(Dataset entries)
==========
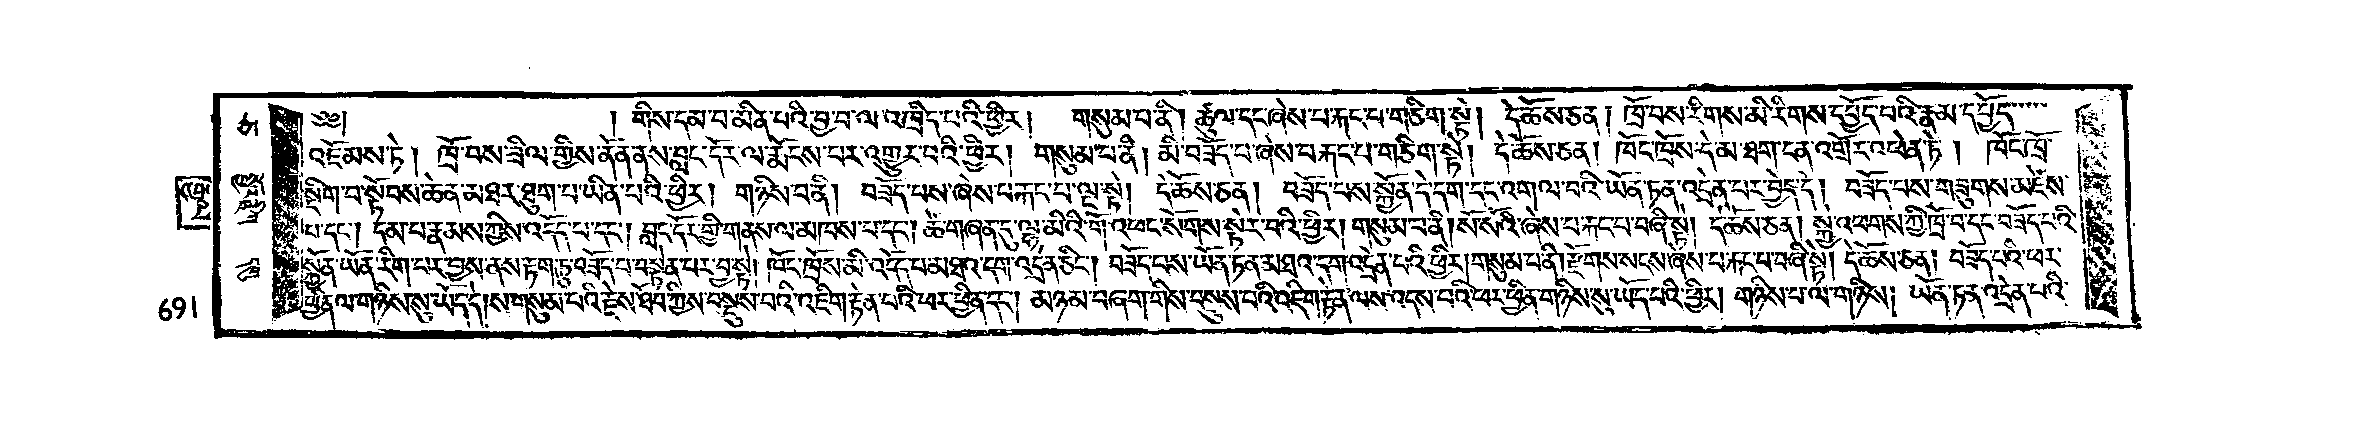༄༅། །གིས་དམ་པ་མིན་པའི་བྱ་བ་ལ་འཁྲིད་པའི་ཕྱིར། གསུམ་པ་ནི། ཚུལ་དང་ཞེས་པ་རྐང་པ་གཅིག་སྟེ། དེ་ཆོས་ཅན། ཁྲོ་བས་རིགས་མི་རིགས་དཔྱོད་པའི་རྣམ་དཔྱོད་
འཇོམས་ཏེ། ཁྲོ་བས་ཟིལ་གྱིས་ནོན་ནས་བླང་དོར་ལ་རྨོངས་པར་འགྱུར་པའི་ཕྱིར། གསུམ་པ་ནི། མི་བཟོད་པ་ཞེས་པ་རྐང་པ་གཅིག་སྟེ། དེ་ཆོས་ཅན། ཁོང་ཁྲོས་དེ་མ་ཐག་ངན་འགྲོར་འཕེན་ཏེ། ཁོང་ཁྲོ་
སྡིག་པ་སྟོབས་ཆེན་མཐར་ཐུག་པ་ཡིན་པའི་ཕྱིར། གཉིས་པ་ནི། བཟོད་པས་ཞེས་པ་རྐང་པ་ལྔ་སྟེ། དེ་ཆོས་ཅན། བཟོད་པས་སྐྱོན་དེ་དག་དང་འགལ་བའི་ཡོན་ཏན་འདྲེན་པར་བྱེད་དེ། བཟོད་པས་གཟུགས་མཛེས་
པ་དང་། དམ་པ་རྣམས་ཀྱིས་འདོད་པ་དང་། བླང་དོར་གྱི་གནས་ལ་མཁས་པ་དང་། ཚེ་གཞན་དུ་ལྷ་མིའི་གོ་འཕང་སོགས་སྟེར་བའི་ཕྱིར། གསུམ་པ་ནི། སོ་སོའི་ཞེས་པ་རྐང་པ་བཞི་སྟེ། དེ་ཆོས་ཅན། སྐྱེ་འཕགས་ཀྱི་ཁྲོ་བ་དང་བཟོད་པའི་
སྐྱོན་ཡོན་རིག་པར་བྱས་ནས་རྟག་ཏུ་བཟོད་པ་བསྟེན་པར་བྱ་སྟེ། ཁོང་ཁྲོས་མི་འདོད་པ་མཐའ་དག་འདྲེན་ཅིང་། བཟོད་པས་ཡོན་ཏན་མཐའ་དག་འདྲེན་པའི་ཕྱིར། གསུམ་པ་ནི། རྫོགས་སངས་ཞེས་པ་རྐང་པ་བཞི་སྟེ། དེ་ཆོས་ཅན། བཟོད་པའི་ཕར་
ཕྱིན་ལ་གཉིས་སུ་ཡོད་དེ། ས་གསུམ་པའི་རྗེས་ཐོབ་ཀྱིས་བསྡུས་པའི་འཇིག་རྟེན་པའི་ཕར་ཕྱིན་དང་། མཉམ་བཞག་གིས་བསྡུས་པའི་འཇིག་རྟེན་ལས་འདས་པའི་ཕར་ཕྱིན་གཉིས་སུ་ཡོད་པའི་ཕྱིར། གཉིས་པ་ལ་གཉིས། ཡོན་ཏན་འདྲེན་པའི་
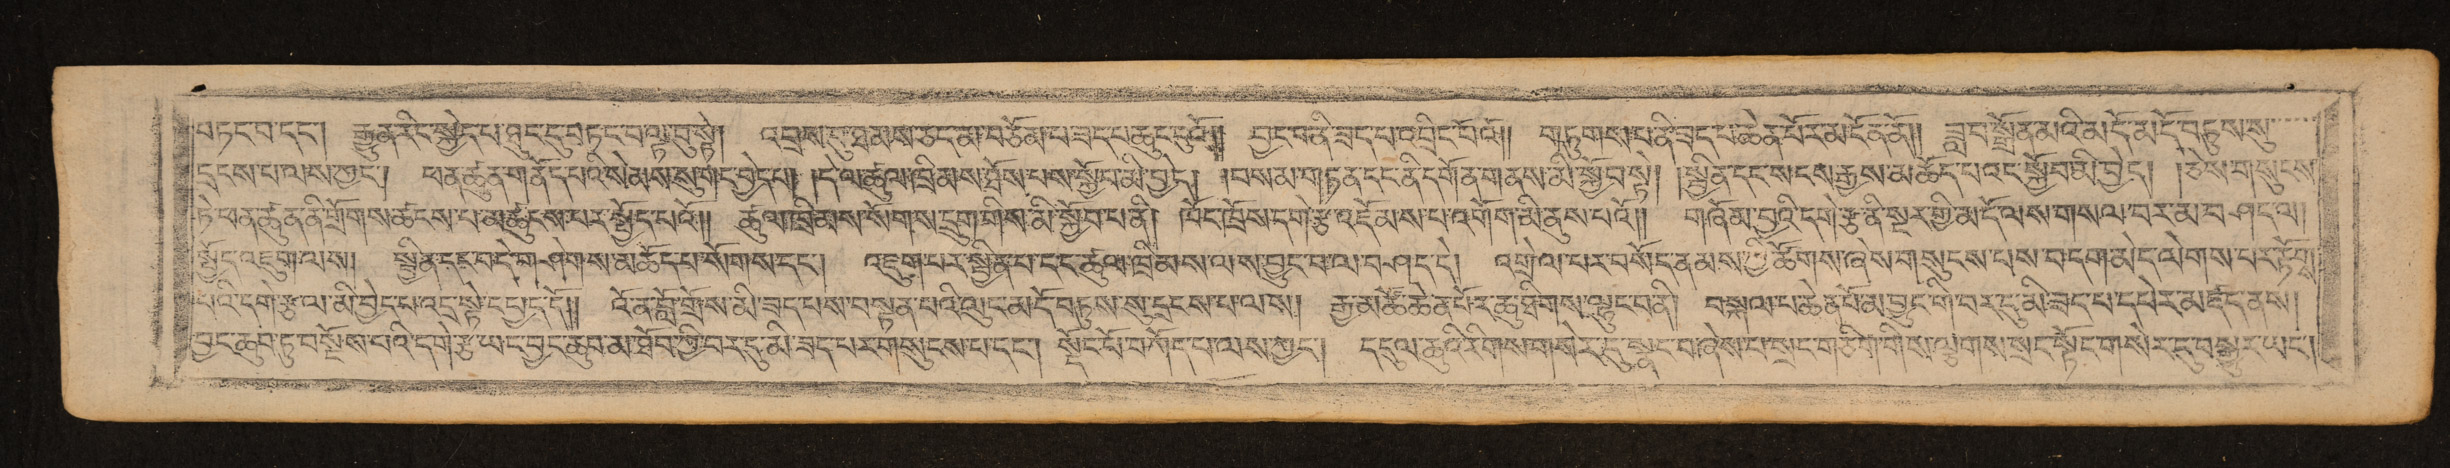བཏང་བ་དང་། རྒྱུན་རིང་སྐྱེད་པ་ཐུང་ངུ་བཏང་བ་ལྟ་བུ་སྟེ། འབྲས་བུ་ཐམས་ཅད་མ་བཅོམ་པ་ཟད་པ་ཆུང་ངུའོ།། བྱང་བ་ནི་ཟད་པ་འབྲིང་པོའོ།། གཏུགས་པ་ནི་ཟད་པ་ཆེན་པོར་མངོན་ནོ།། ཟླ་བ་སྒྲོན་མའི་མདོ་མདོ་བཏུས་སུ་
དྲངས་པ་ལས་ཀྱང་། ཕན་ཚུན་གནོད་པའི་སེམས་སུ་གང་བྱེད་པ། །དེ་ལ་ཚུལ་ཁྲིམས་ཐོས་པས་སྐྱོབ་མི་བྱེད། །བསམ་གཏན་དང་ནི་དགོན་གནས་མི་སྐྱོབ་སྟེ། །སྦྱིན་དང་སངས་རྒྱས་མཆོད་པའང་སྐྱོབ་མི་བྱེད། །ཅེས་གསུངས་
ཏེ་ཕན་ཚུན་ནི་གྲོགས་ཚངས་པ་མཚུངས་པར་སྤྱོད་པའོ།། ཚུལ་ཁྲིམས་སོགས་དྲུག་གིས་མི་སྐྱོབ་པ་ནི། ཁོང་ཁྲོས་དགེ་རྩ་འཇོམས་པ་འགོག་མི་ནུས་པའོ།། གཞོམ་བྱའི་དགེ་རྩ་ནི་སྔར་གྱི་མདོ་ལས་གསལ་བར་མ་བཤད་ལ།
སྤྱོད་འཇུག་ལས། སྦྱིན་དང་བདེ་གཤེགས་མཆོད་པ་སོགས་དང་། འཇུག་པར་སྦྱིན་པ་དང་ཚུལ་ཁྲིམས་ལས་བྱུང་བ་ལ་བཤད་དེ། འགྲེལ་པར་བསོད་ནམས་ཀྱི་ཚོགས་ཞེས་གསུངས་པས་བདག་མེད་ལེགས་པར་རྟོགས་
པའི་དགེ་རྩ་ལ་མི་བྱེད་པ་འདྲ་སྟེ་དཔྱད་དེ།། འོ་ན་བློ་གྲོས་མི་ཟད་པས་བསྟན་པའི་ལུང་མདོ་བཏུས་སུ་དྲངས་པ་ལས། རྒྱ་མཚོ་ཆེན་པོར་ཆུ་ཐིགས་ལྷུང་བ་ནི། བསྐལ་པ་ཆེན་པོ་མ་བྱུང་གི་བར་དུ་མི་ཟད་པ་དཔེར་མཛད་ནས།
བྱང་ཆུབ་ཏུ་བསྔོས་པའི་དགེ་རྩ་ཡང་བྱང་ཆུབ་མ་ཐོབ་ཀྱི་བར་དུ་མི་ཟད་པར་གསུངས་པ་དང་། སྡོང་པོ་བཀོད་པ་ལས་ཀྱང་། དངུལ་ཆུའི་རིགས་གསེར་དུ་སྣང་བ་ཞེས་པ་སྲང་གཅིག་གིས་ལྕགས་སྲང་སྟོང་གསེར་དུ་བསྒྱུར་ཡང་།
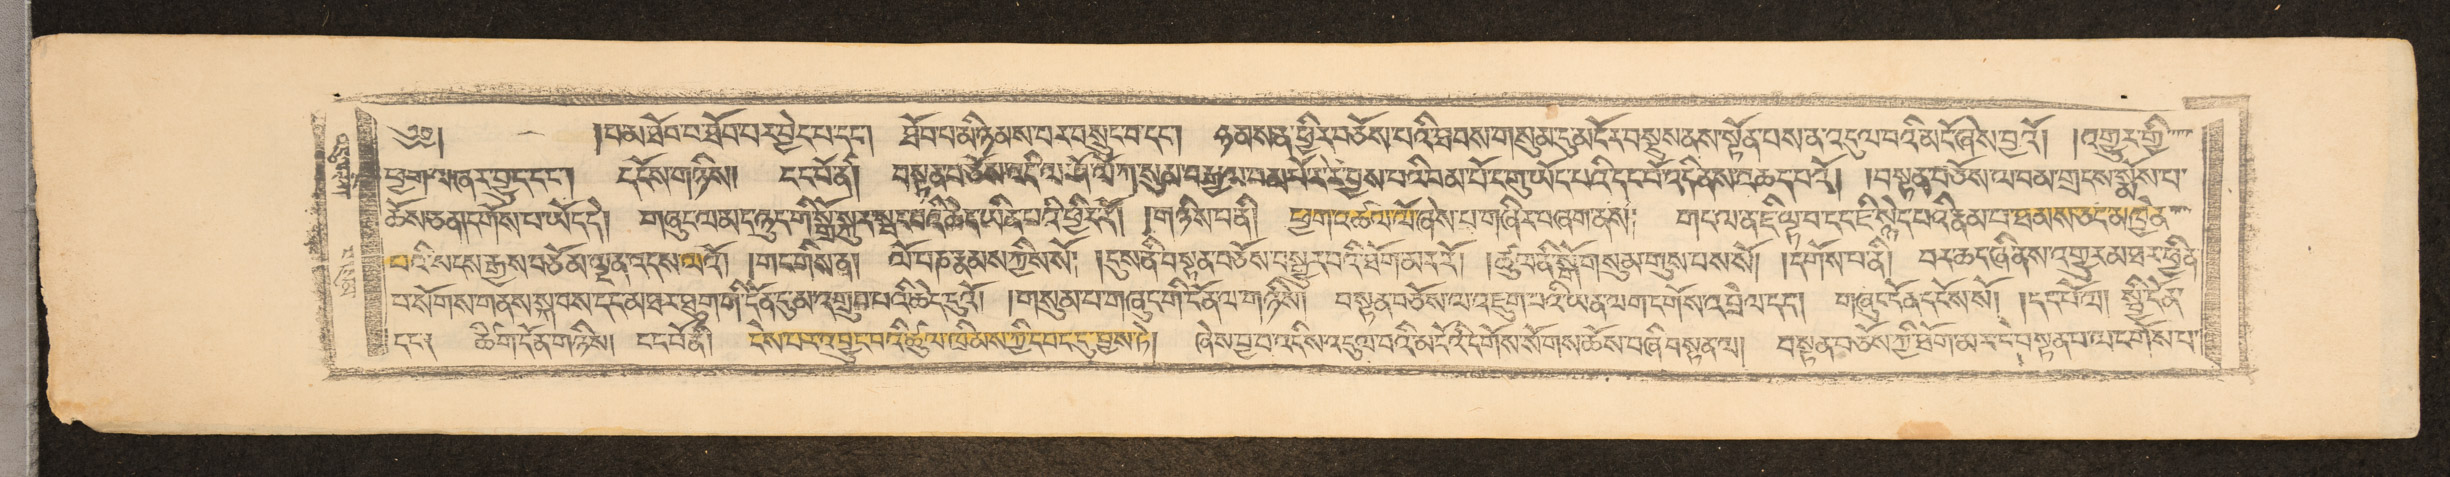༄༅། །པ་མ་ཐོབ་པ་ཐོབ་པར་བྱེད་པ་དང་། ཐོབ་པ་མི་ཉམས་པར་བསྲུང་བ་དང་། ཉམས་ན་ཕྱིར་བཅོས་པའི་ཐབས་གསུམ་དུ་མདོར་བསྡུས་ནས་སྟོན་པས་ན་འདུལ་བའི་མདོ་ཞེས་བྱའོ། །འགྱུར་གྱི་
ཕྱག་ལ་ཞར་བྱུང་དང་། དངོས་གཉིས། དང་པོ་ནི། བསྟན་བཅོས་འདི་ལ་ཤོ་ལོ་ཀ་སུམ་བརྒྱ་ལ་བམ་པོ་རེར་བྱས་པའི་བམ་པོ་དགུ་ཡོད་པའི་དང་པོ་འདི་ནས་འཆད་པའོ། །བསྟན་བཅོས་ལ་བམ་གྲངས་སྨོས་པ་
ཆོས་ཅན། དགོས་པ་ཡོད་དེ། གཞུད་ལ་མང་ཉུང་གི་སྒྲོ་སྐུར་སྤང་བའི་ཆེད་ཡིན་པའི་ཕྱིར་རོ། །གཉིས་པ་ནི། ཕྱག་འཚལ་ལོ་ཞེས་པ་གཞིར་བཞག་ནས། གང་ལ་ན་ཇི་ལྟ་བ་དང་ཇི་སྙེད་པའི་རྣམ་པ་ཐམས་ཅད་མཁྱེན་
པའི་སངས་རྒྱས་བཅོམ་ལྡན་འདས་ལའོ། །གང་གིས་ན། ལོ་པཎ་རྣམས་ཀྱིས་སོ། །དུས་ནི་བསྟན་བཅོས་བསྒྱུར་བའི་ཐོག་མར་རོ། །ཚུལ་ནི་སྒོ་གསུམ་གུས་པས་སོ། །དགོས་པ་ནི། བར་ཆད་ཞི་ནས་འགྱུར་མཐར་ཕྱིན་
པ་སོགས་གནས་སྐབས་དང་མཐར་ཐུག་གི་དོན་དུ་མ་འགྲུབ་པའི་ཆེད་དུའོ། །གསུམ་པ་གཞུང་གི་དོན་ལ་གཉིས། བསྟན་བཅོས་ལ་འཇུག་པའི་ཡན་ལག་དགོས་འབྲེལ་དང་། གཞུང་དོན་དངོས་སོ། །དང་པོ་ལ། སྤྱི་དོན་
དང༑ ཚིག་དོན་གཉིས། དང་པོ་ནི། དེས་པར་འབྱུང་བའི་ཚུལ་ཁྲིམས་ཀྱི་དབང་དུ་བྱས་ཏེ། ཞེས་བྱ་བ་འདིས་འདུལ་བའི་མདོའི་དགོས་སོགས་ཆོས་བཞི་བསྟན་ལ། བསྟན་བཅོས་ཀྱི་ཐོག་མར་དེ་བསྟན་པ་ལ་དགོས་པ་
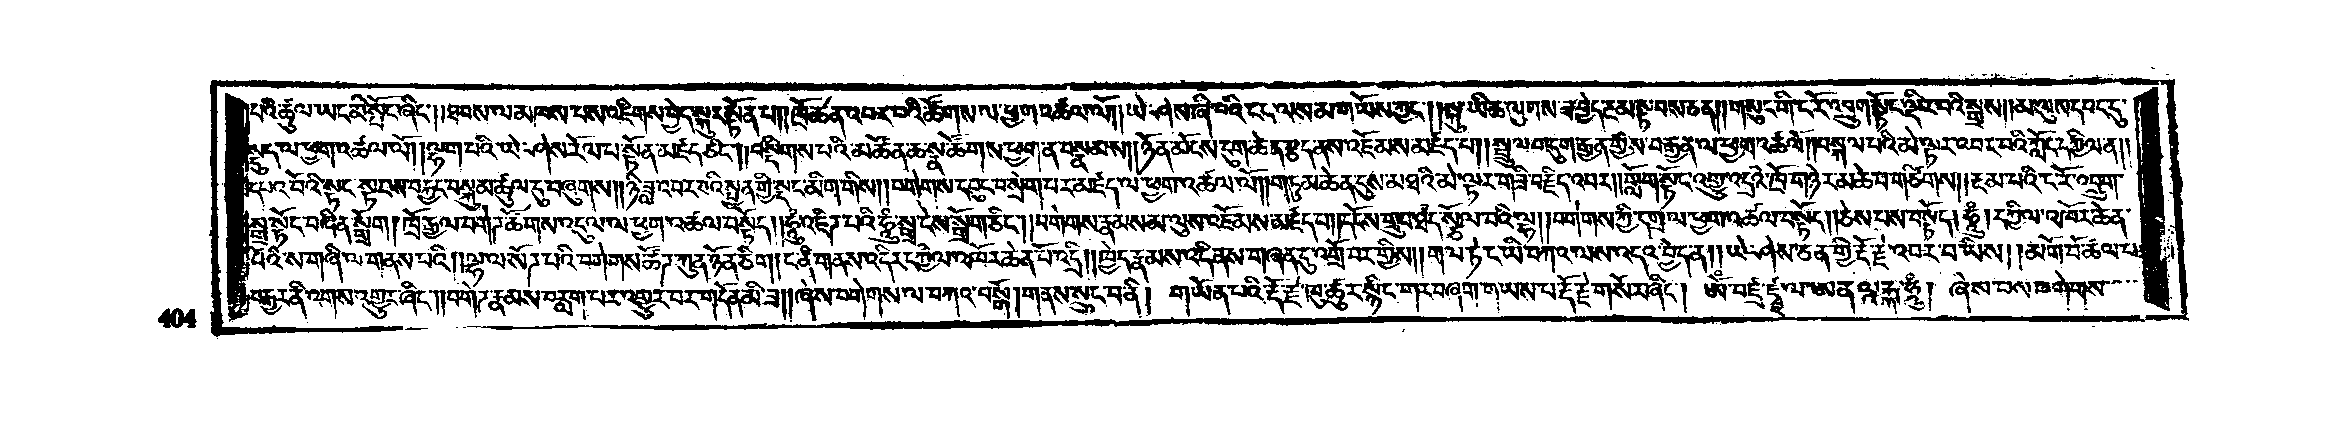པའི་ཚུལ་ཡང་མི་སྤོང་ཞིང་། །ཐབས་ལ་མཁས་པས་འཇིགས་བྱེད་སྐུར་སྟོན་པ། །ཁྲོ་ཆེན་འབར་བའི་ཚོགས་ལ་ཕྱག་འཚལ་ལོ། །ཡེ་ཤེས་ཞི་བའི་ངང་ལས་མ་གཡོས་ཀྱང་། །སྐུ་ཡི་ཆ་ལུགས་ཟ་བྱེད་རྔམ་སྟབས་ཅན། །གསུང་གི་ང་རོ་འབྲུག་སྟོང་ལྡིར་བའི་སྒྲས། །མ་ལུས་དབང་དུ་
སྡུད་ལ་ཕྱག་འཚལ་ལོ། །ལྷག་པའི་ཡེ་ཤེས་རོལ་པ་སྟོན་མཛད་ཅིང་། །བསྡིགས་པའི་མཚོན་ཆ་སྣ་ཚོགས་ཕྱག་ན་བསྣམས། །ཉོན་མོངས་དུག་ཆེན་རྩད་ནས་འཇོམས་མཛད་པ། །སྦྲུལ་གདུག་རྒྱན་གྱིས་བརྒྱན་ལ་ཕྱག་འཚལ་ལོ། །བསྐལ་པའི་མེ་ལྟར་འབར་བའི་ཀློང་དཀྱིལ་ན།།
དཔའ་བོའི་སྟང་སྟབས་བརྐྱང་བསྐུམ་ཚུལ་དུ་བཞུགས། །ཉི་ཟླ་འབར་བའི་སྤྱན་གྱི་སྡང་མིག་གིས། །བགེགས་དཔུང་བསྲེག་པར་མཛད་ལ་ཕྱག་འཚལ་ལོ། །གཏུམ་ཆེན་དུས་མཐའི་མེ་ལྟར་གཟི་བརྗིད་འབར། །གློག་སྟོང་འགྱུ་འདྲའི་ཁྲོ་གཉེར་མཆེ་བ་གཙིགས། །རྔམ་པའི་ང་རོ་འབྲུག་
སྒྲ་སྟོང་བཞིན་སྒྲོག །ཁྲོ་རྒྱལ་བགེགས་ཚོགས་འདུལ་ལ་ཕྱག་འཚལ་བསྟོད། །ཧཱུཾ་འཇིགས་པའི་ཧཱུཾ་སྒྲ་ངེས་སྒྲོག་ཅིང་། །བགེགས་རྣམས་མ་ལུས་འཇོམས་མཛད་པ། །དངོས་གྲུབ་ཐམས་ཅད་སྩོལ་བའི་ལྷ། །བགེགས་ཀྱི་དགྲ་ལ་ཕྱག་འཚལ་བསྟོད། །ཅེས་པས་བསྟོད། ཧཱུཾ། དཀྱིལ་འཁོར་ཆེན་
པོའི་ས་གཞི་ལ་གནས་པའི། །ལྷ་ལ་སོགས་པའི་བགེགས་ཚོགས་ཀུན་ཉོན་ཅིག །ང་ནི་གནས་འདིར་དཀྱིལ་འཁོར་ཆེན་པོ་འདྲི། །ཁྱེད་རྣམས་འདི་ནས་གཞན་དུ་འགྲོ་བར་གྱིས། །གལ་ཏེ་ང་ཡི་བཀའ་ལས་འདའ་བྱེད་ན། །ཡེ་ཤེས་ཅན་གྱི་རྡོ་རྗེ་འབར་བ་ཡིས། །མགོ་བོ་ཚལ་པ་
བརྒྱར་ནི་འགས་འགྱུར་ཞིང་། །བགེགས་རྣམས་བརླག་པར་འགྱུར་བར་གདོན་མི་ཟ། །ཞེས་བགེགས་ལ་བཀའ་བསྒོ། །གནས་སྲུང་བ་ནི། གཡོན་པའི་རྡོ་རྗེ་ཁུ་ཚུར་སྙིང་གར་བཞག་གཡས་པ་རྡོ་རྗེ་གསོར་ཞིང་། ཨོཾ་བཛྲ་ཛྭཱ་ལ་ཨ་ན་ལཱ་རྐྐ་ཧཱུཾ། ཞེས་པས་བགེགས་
==========
WHAT IS REQUIRED:
Print the data above from its first line through the line that has "རྫོགས་སངས་ཞེས་པ་རྐང་པ་བཞི་སྟེ། དེ་ཆོས་ཅན། བཟོད་པའི་ཕར་", exactly and with nothing else, omitting pictures.

TASK ANSWER:
༄༅། །གིས་དམ་པ་མིན་པའི་བྱ་བ་ལ་འཁྲིད་པའི་ཕྱིར། གསུམ་པ་ནི། ཚུལ་དང་ཞེས་པ་རྐང་པ་གཅིག་སྟེ། དེ་ཆོས་ཅན། ཁྲོ་བས་རིགས་མི་རིགས་དཔྱོད་པའི་རྣམ་དཔྱོད་
འཇོམས་ཏེ། ཁྲོ་བས་ཟིལ་གྱིས་ནོན་ནས་བླང་དོར་ལ་རྨོངས་པར་འགྱུར་པའི་ཕྱིར། གསུམ་པ་ནི། མི་བཟོད་པ་ཞེས་པ་རྐང་པ་གཅིག་སྟེ། དེ་ཆོས་ཅན། ཁོང་ཁྲོས་དེ་མ་ཐག་ངན་འགྲོར་འཕེན་ཏེ། ཁོང་ཁྲོ་
སྡིག་པ་སྟོབས་ཆེན་མཐར་ཐུག་པ་ཡིན་པའི་ཕྱིར། གཉིས་པ་ནི། བཟོད་པས་ཞེས་པ་རྐང་པ་ལྔ་སྟེ། དེ་ཆོས་ཅན། བཟོད་པས་སྐྱོན་དེ་དག་དང་འགལ་བའི་ཡོན་ཏན་འདྲེན་པར་བྱེད་དེ། བཟོད་པས་གཟུགས་མཛེས་
པ་དང་། དམ་པ་རྣམས་ཀྱིས་འདོད་པ་དང་། བླང་དོར་གྱི་གནས་ལ་མཁས་པ་དང་། ཚེ་གཞན་དུ་ལྷ་མིའི་གོ་འཕང་སོགས་སྟེར་བའི་ཕྱིར། གསུམ་པ་ནི། སོ་སོའི་ཞེས་པ་རྐང་པ་བཞི་སྟེ། དེ་ཆོས་ཅན། སྐྱེ་འཕགས་ཀྱི་ཁྲོ་བ་དང་བཟོད་པའི་
སྐྱོན་ཡོན་རིག་པར་བྱས་ནས་རྟག་ཏུ་བཟོད་པ་བསྟེན་པར་བྱ་སྟེ། ཁོང་ཁྲོས་མི་འདོད་པ་མཐའ་དག་འདྲེན་ཅིང་། བཟོད་པས་ཡོན་ཏན་མཐའ་དག་འདྲེན་པའི་ཕྱིར། གསུམ་པ་ནི། རྫོགས་སངས་ཞེས་པ་རྐང་པ་བཞི་སྟེ། དེ་ཆོས་ཅན། བཟོད་པའི་ཕར་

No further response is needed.